University of Michigan, Bachelor of Science

Chemistry

School of Professional development, SUNY-SB





I graduated from the University of Michigan-Ann Arbor in May 2005 with a Bachelor of Science degree in Chemistry with a minor concentration in physics. I worked for one year in the department of inorganic chemistry doing primarily organic and inorganic synthesis.

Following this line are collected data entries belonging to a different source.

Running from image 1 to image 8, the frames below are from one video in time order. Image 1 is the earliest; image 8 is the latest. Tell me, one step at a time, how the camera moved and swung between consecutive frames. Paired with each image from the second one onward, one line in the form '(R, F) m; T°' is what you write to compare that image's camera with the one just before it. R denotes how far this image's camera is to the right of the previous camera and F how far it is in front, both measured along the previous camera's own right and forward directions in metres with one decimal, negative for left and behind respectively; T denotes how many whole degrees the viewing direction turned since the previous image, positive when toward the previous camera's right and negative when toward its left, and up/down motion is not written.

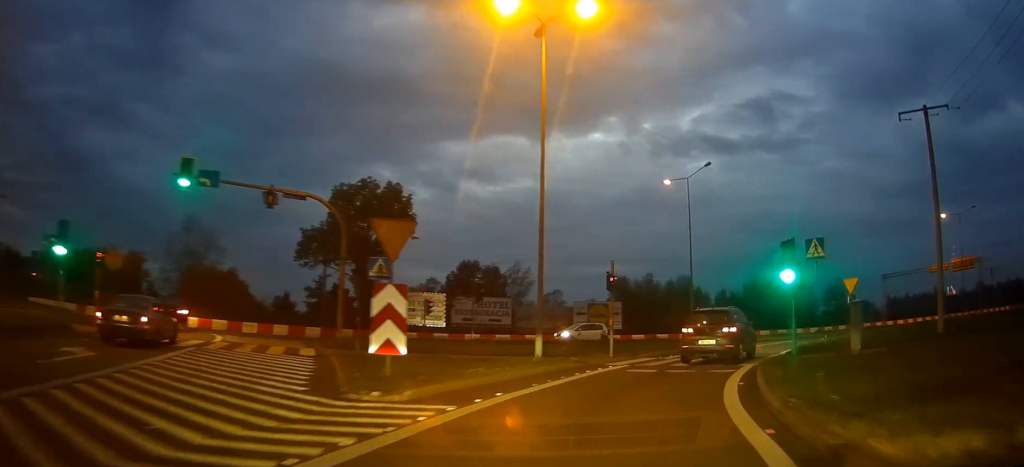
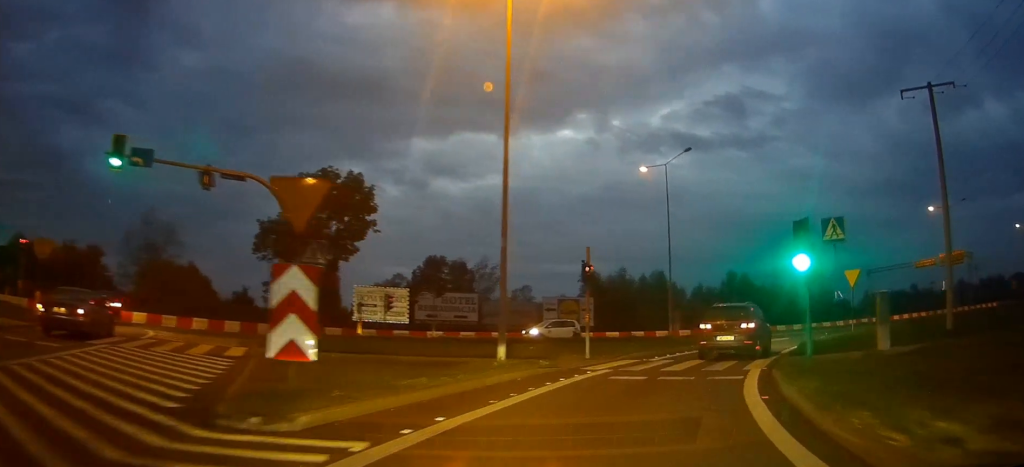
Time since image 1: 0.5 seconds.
(-0.1, +3.1) m; +3°
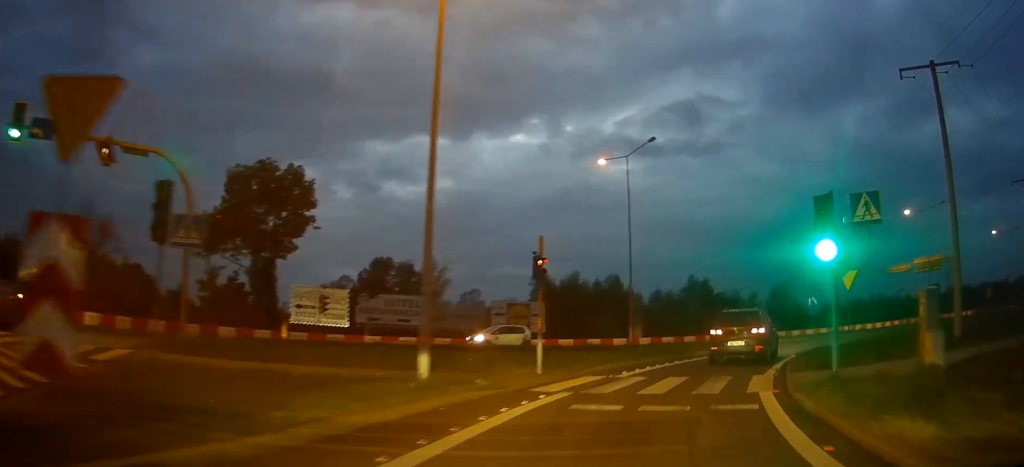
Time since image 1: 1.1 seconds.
(+0.2, +4.1) m; +6°
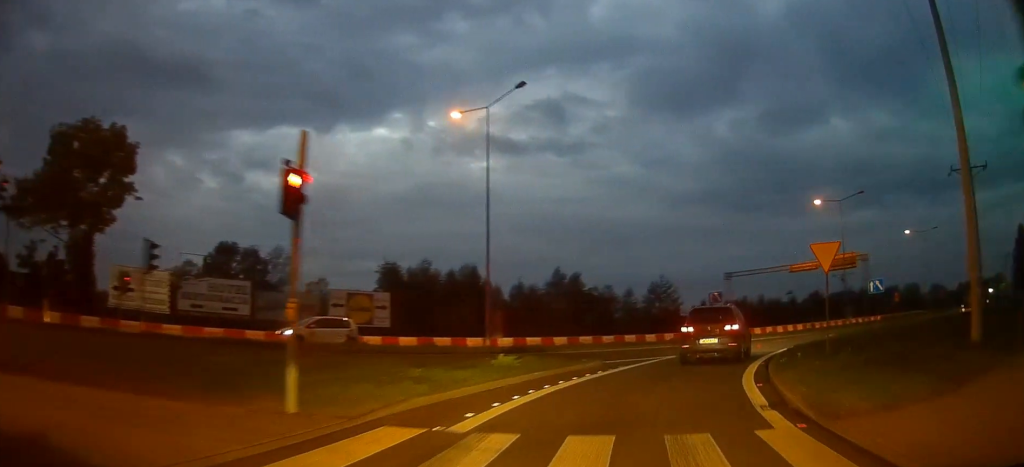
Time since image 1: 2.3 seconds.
(+1.0, +8.1) m; +15°
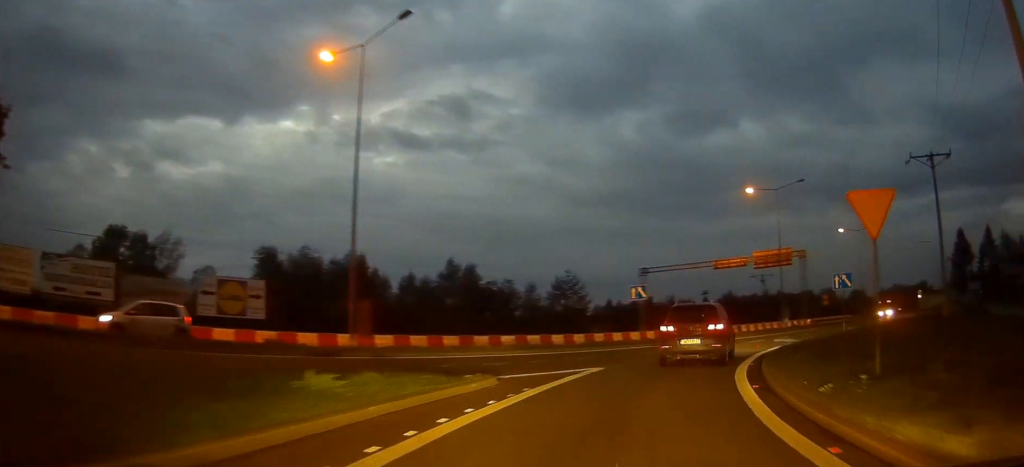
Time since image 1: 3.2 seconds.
(+0.6, +6.3) m; +9°
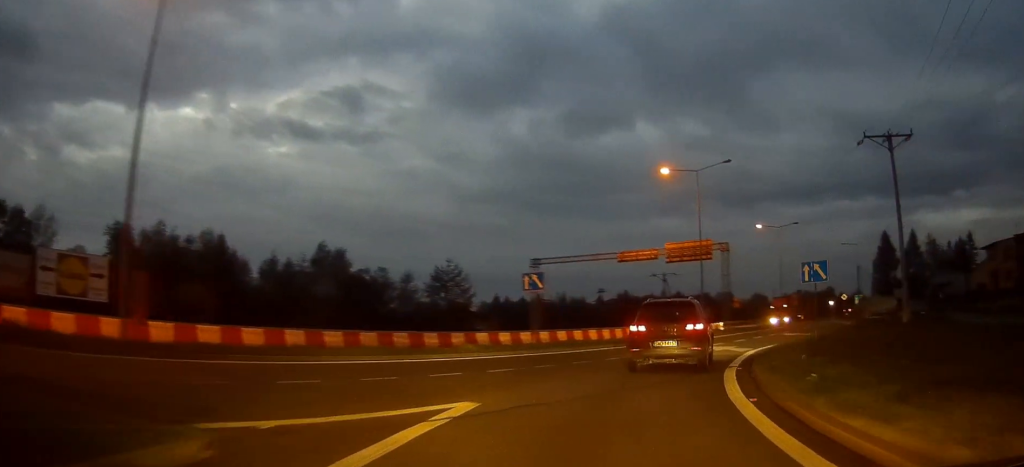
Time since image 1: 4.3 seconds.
(+0.6, +7.7) m; +11°
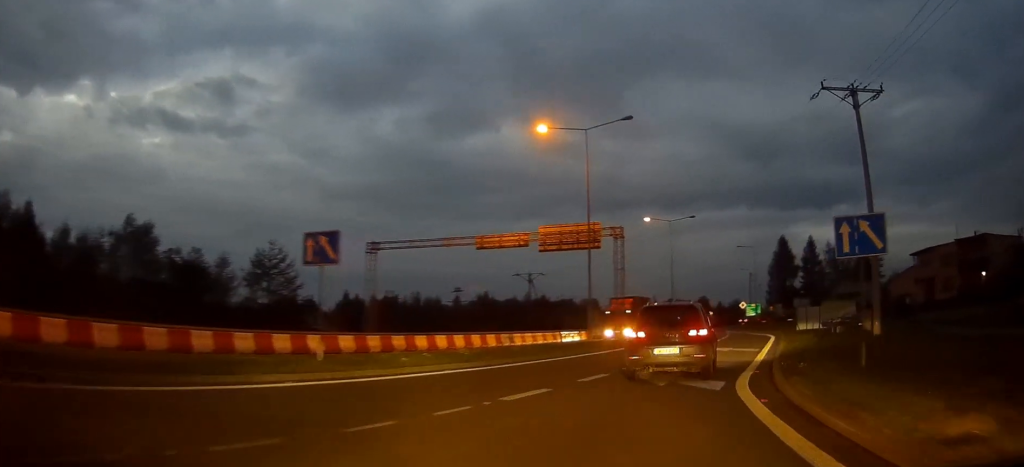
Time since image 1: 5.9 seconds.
(+1.9, +12.2) m; +14°
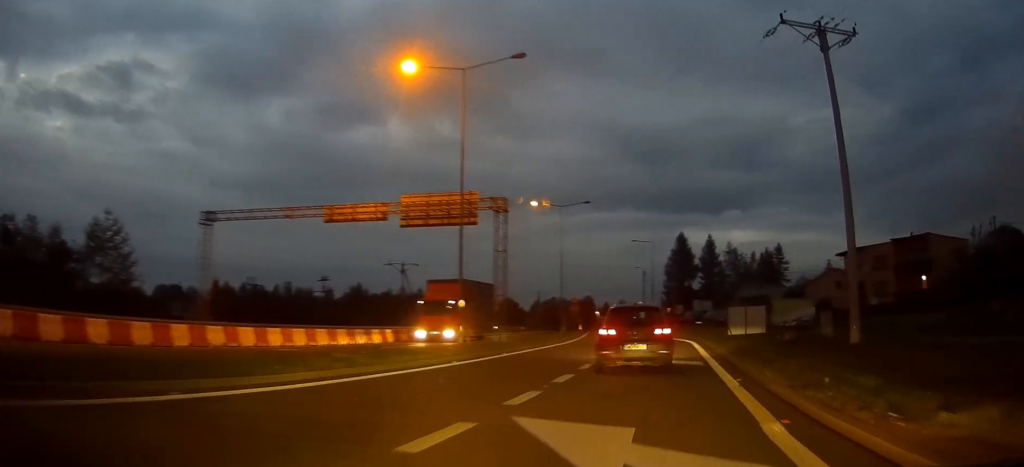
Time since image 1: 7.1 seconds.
(+0.1, +9.9) m; +2°

In July 2005, I returned to Long Island to complete my second bachelor’s degree in physics. Currently, I am a student at SUNY Stony Brook enrolled as a graduate student in the school of professional development. I will be completing the coursework for my physics degree in May 2007. This fall I am also applying to graduate schools for PhD. programs in physics. My main emphasis of study will be elementary particle physics. I have been working with staff scientist Ketevi Assamagan at Brookhaven National Laboratories in Upton, NY for the past year on the ATLAS project (see the link below). Ketevi’s main focus is developing software for the calibration of the muon spectrometer in the ATLAS detector. I will be continuing to work with Ketevi through next year and plan on being involved with ATLAS while in graduate school



Current Projects





Atlas Experiment:

The ATLAS (A Toroidal LHC ApparatuS) experiment is a joint collaboration between several international academic institutions, U.S. government labs, and European Particle Physics Laboratories. The main experiment will be run at the Large Hadron Collider at CERN. It is one of five main detectors used in analysis of proton-proton collisions at 14TeV. The main goal of the ATLAS experiment is todetect the Higgs Boson, which is the final missing piece of the Standard Model of particle physics.

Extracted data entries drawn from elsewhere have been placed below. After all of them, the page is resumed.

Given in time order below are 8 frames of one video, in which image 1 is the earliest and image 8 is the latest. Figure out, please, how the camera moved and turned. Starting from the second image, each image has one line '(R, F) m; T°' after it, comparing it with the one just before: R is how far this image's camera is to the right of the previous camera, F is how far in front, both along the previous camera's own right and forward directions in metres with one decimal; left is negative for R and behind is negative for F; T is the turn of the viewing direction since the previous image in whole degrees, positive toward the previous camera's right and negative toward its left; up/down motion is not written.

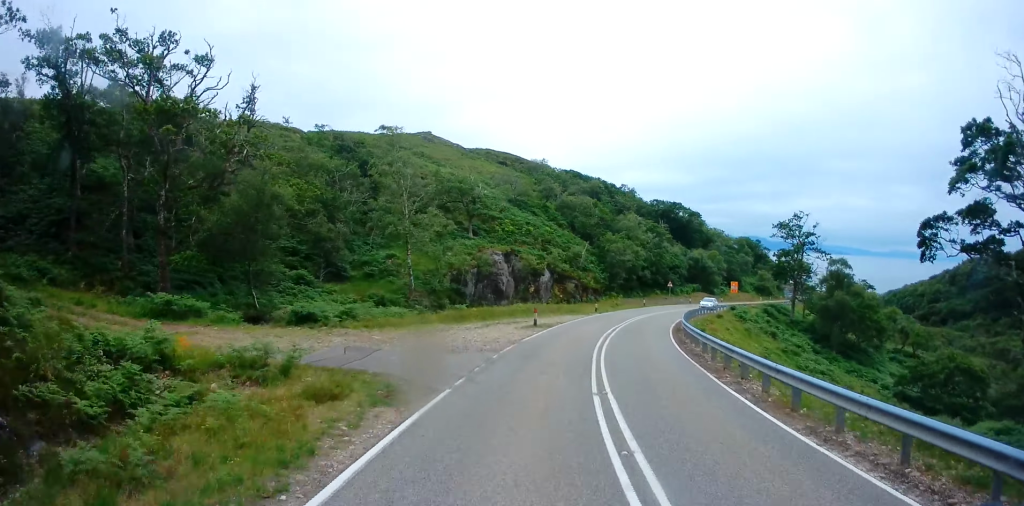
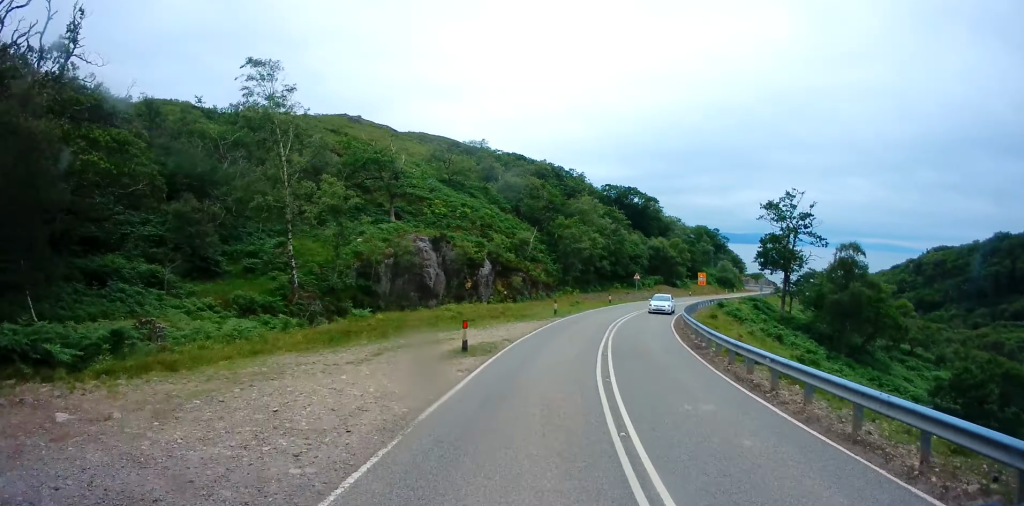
(+0.9, +12.7) m; +7°
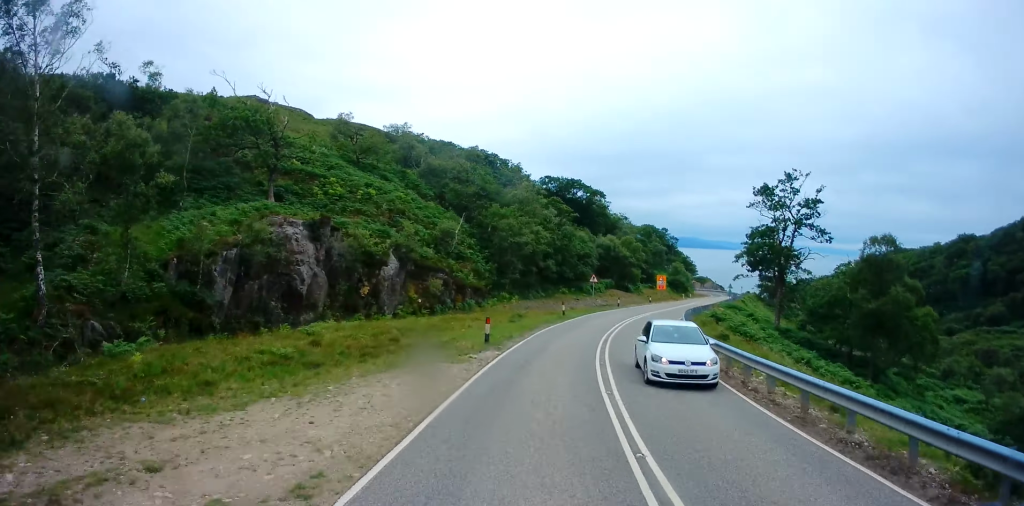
(+0.9, +14.2) m; +6°
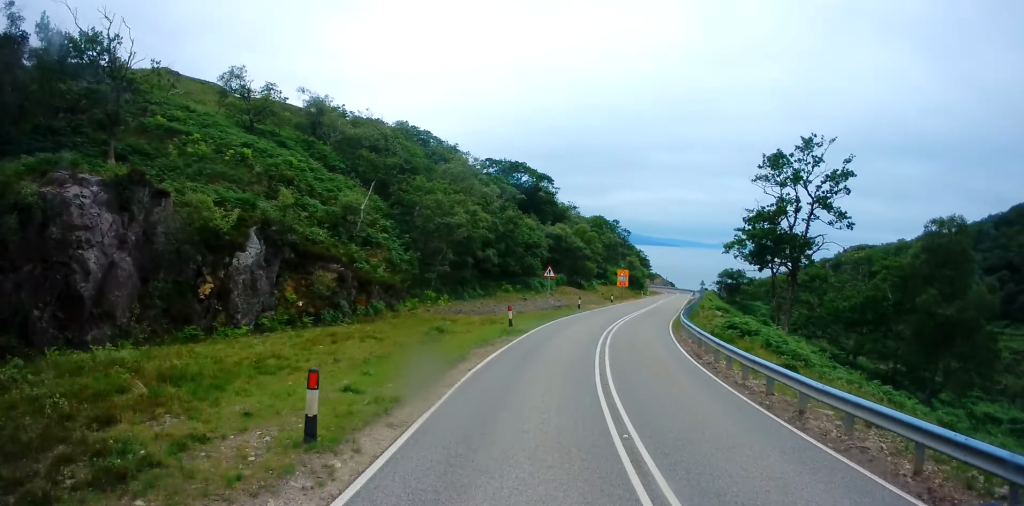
(+0.6, +12.6) m; +5°
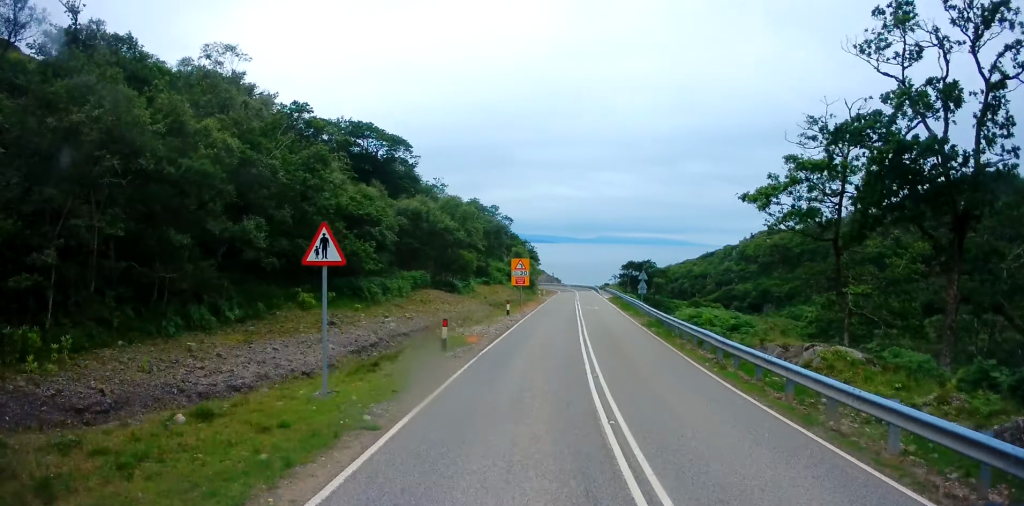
(+2.5, +26.3) m; +12°
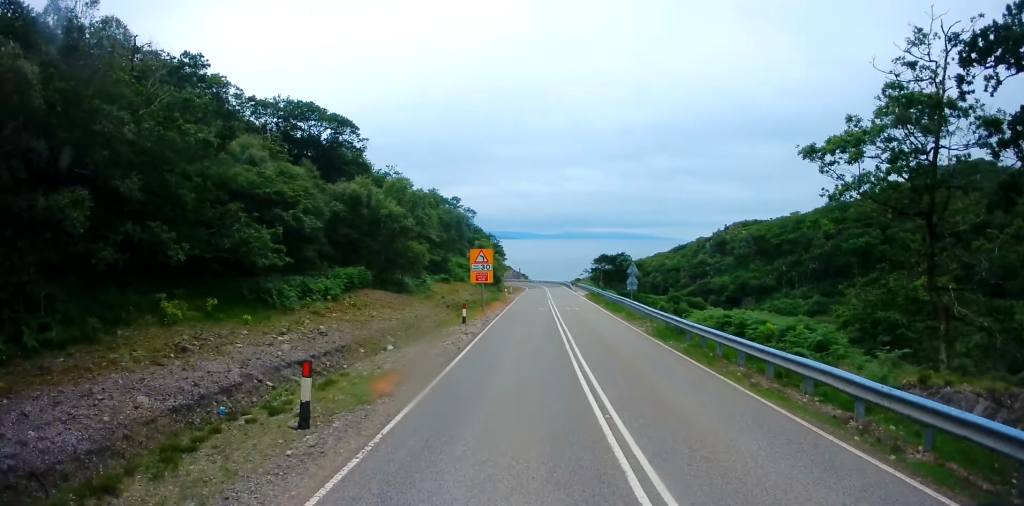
(+0.4, +8.8) m; +3°
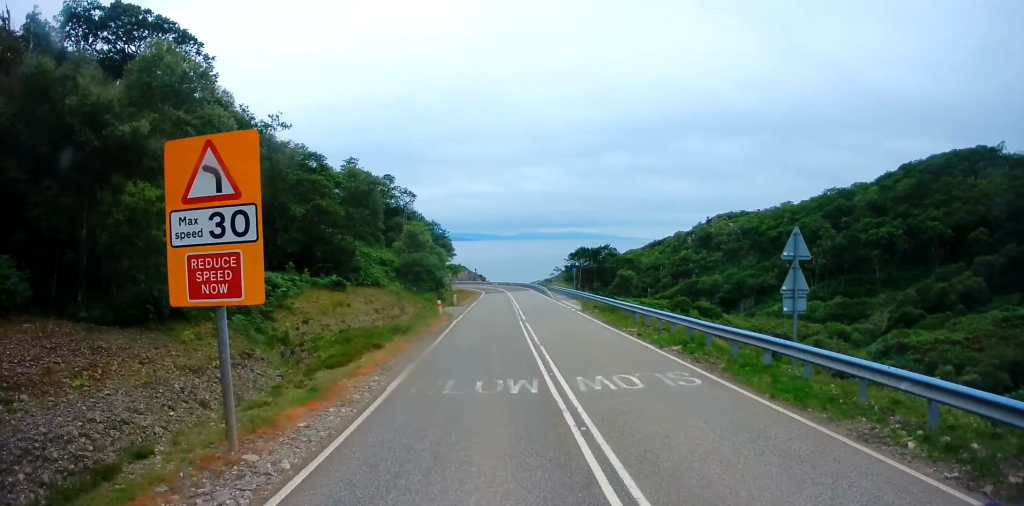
(+1.1, +27.9) m; +2°
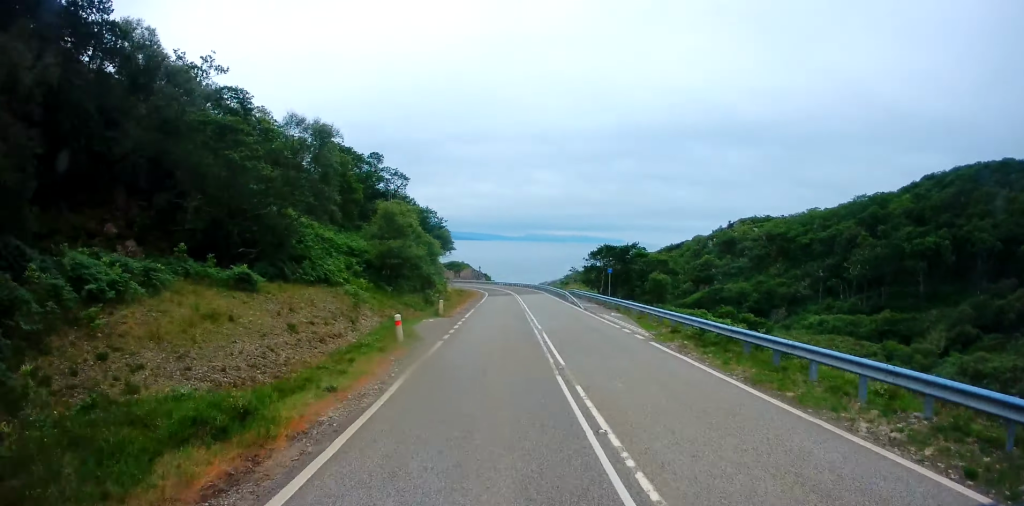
(+0.1, +15.3) m; 0°

All of the U.S. ATLAS institutions can be found here

http://www.usatlas.bnl.gov/info/US_Institutions.html

BNL Project Site, CERN Project Site

Project Explanation

















Current Research Paper on Magnetic Monopoles

As part of my PHY405 class, we were required to write a paper on various topics as they relate to quantum mechanics. My topic is magnetic monopoles, which are hypothetical particles that carry “magnetic charge.” Physicists spent much of the second half of the twentieth century searching for these particles, but none have been found to this day. That does not prevent them from being used in gauge theories constructed by theoretical physicists. To view more about their properties, the experimental searches, and the arguments used to justify their existence, please read my paper. I always welcome comments and constructive criticism.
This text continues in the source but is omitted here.